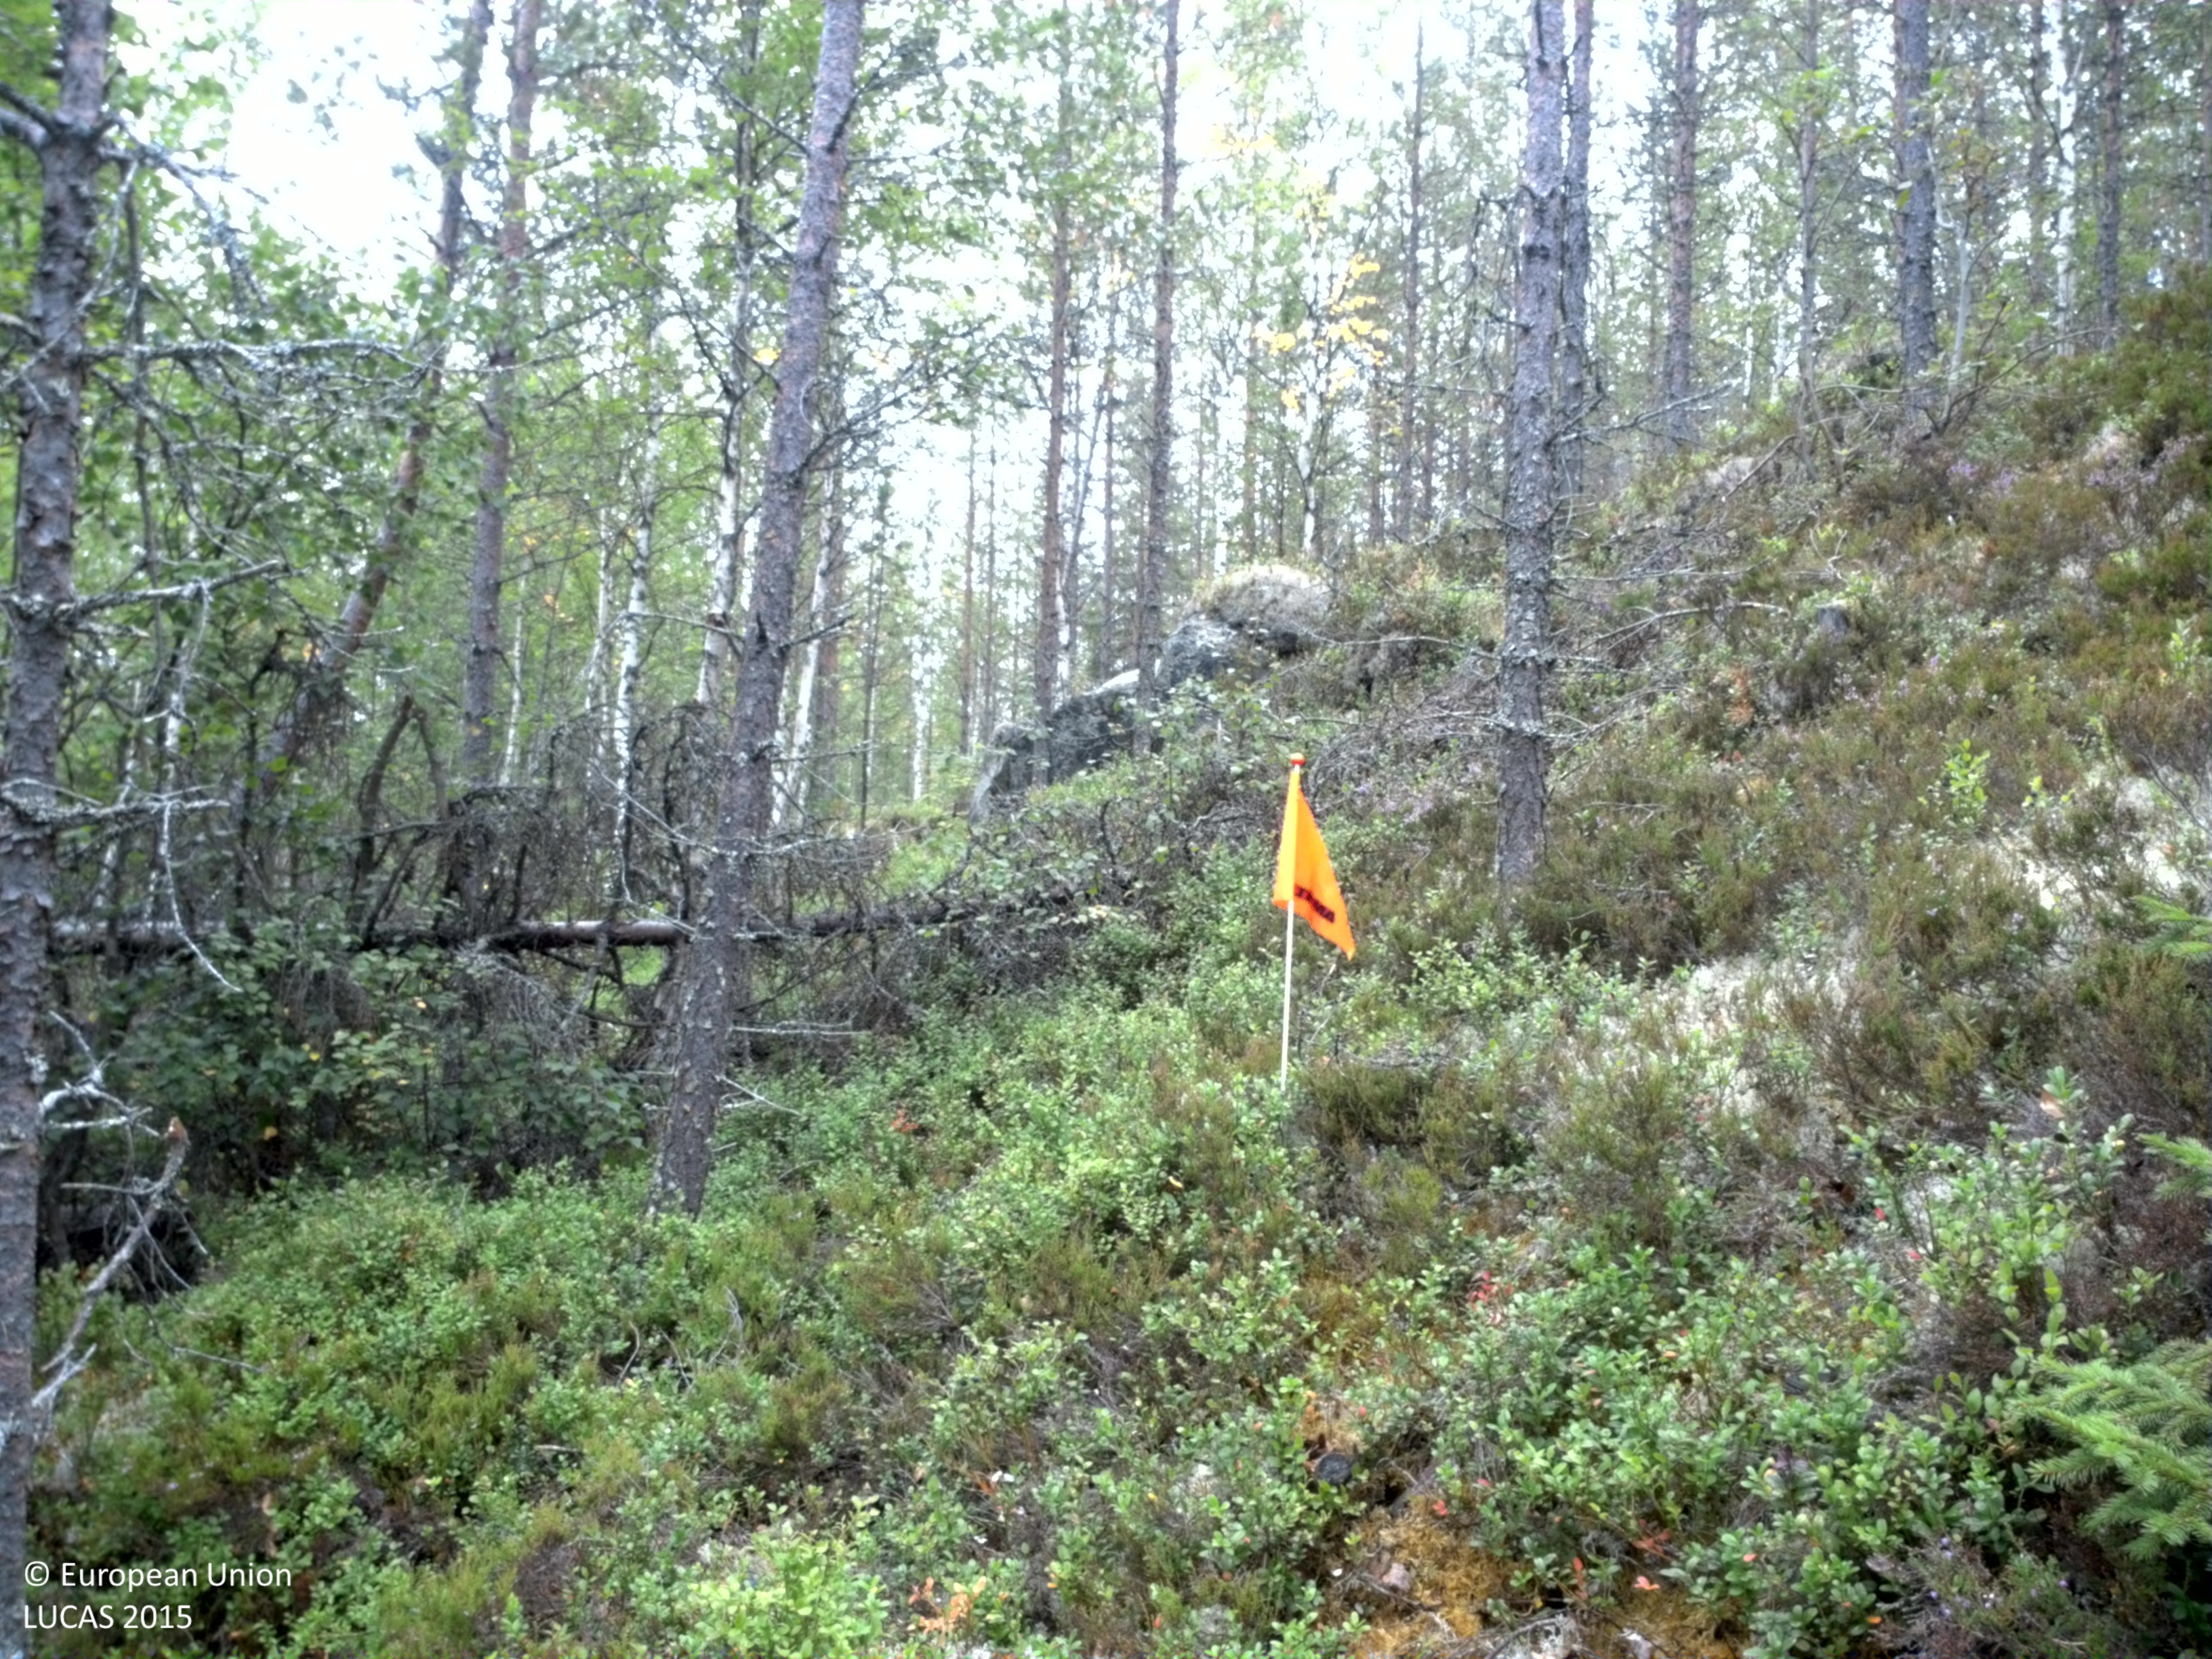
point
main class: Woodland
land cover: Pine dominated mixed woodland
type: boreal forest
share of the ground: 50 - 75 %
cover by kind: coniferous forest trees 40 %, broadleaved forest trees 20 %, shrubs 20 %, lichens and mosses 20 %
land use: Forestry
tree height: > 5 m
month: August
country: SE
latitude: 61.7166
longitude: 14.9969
==============================
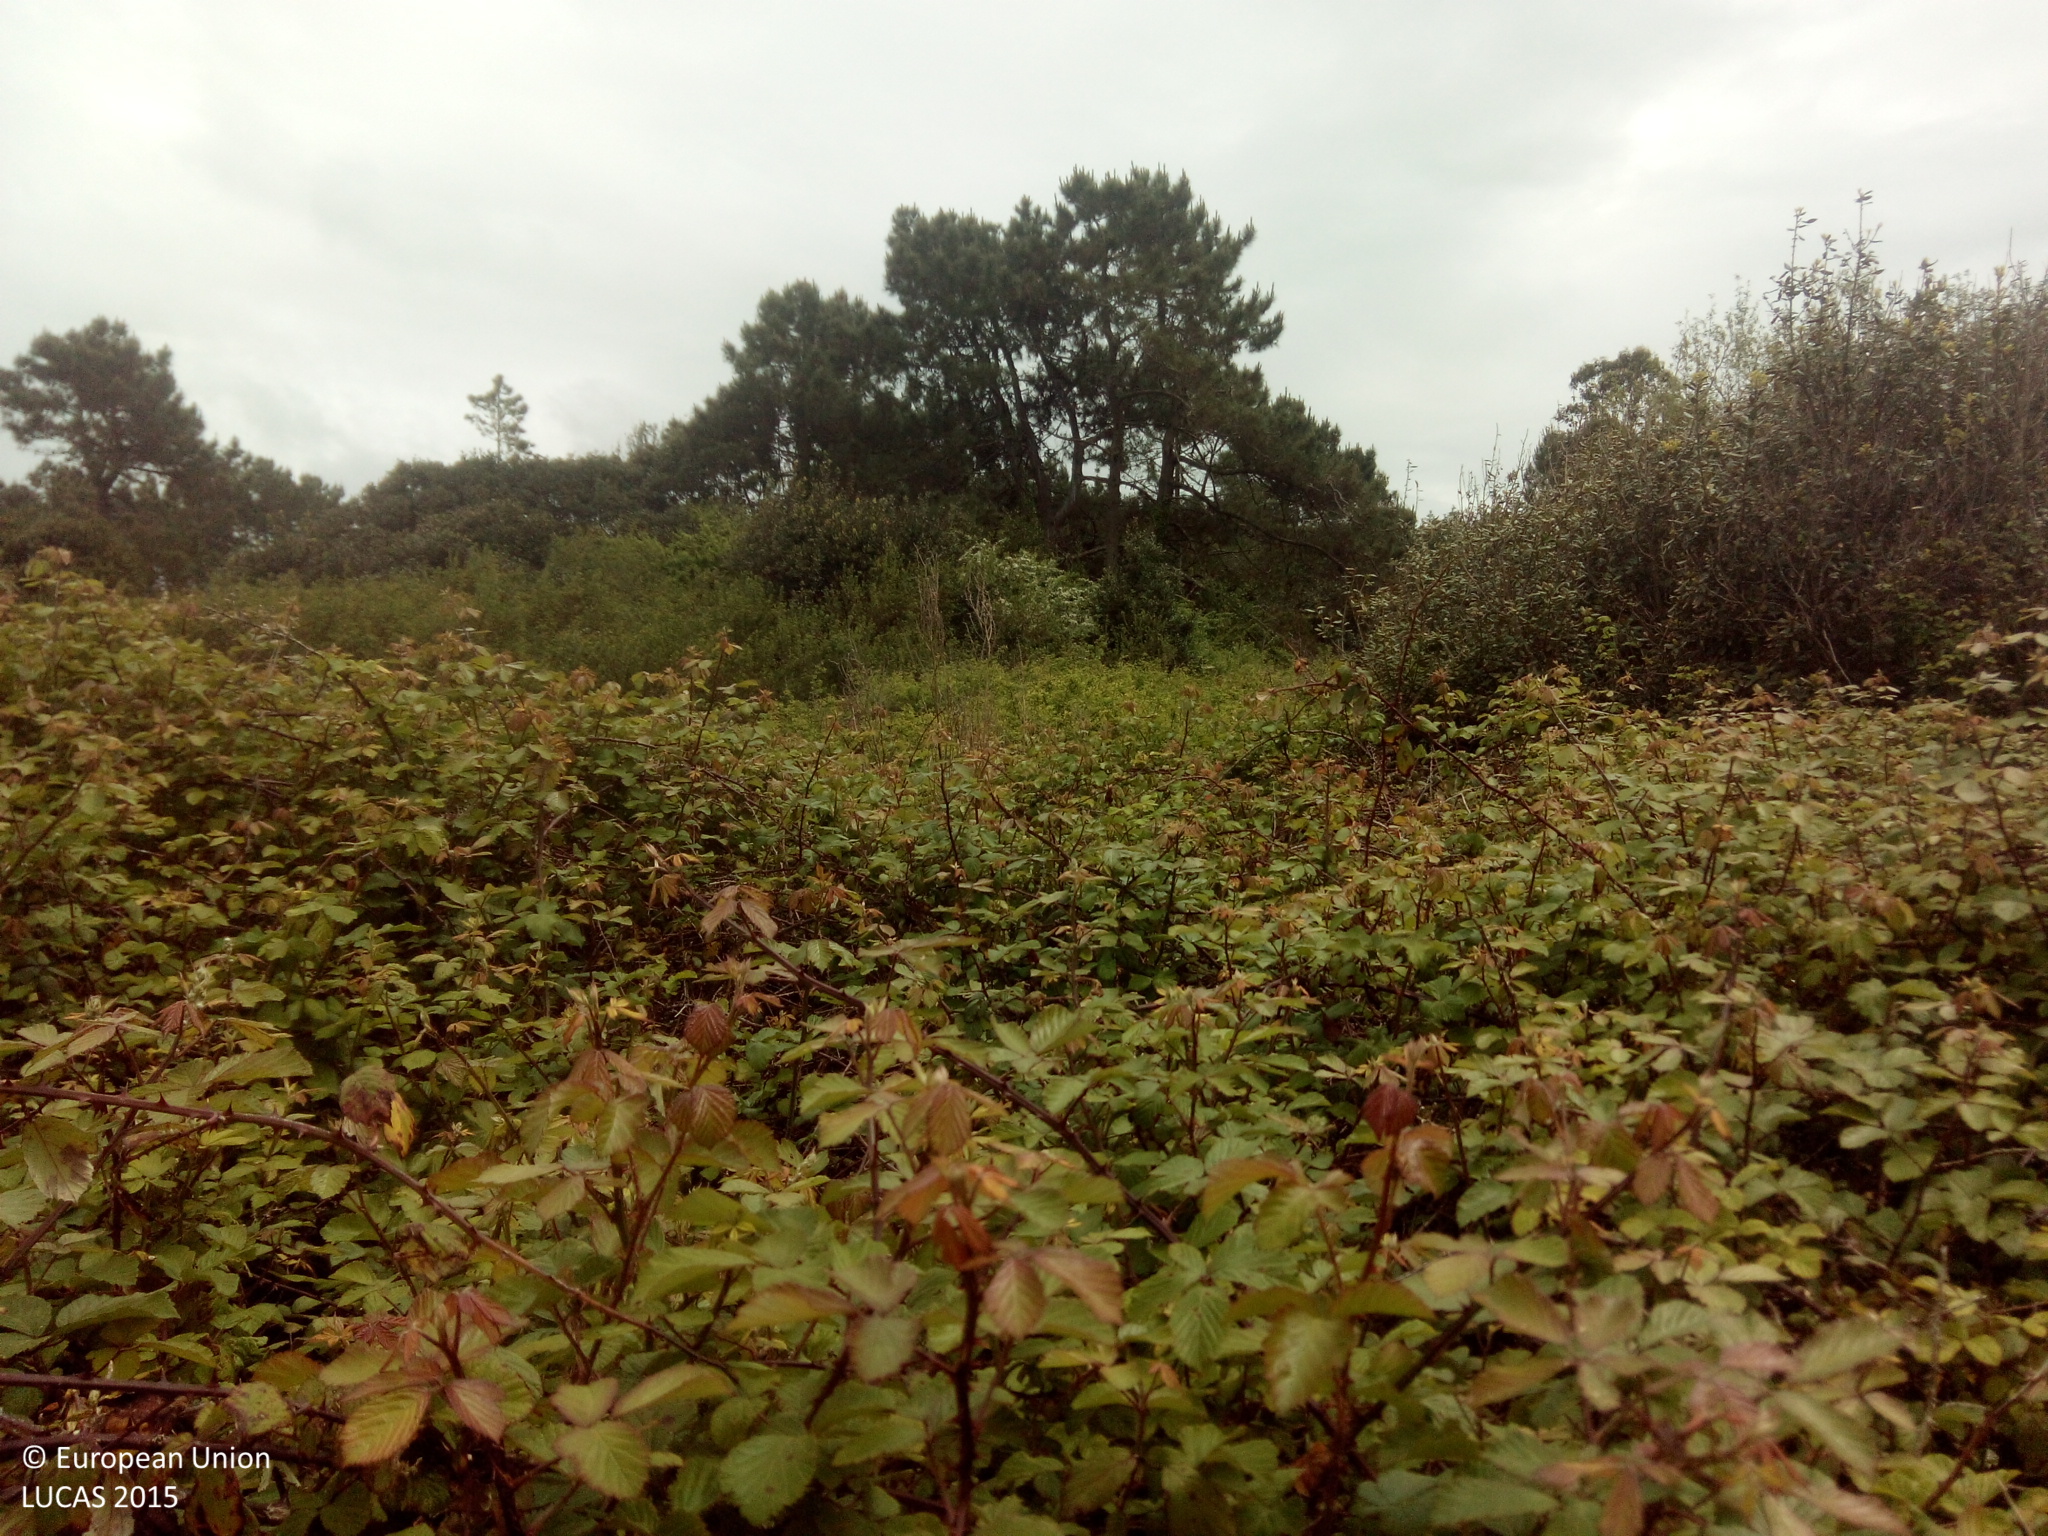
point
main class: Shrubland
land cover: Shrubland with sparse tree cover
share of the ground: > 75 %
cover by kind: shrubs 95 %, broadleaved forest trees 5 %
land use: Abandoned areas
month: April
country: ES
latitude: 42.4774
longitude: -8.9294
==============================
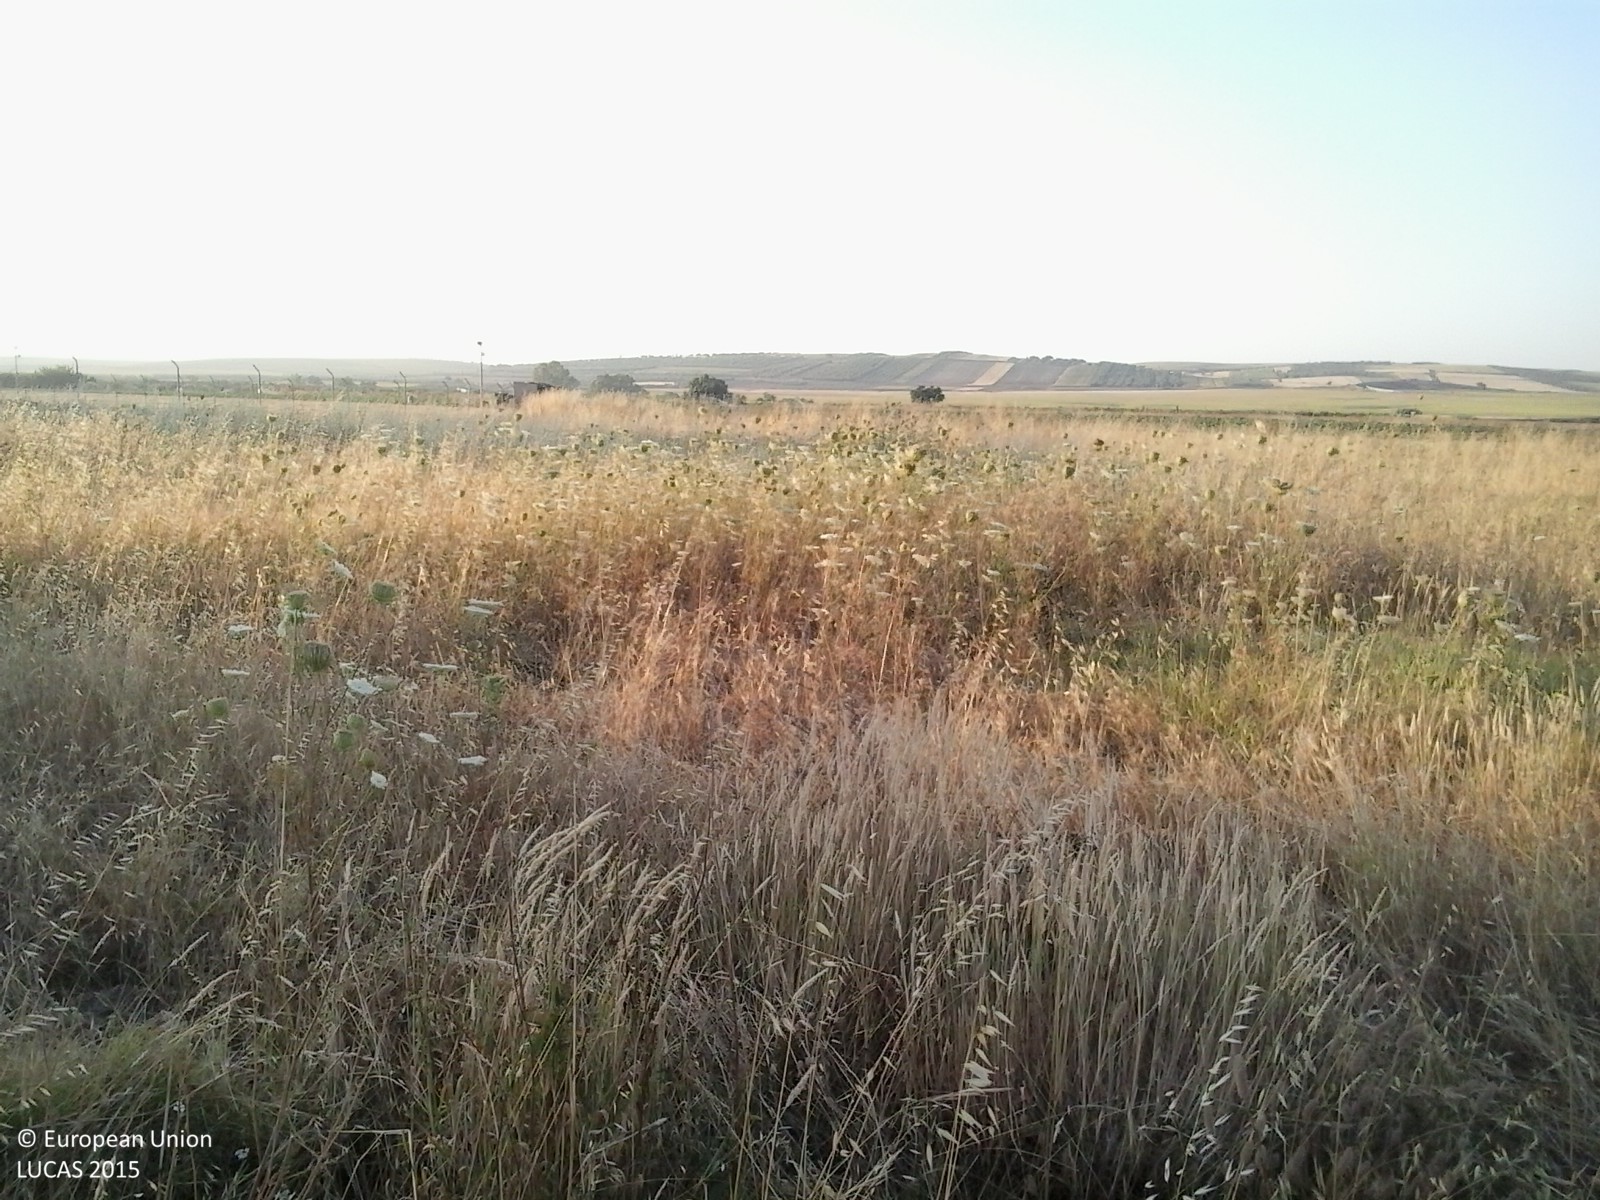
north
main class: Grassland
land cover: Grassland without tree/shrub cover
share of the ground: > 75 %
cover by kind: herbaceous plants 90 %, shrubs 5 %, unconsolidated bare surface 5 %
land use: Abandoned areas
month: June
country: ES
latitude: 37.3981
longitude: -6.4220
==============================
▸ What you should do: Write down exactly the span of lines above from the one containing "cover by kind: herbaceous" to the one containing "longitude: -6.4220", both ends included.

▸ Solution:
cover by kind: herbaceous plants 90 %, shrubs 5 %, unconsolidated bare surface 5 %
land use: Abandoned areas
month: June
country: ES
latitude: 37.3981
longitude: -6.4220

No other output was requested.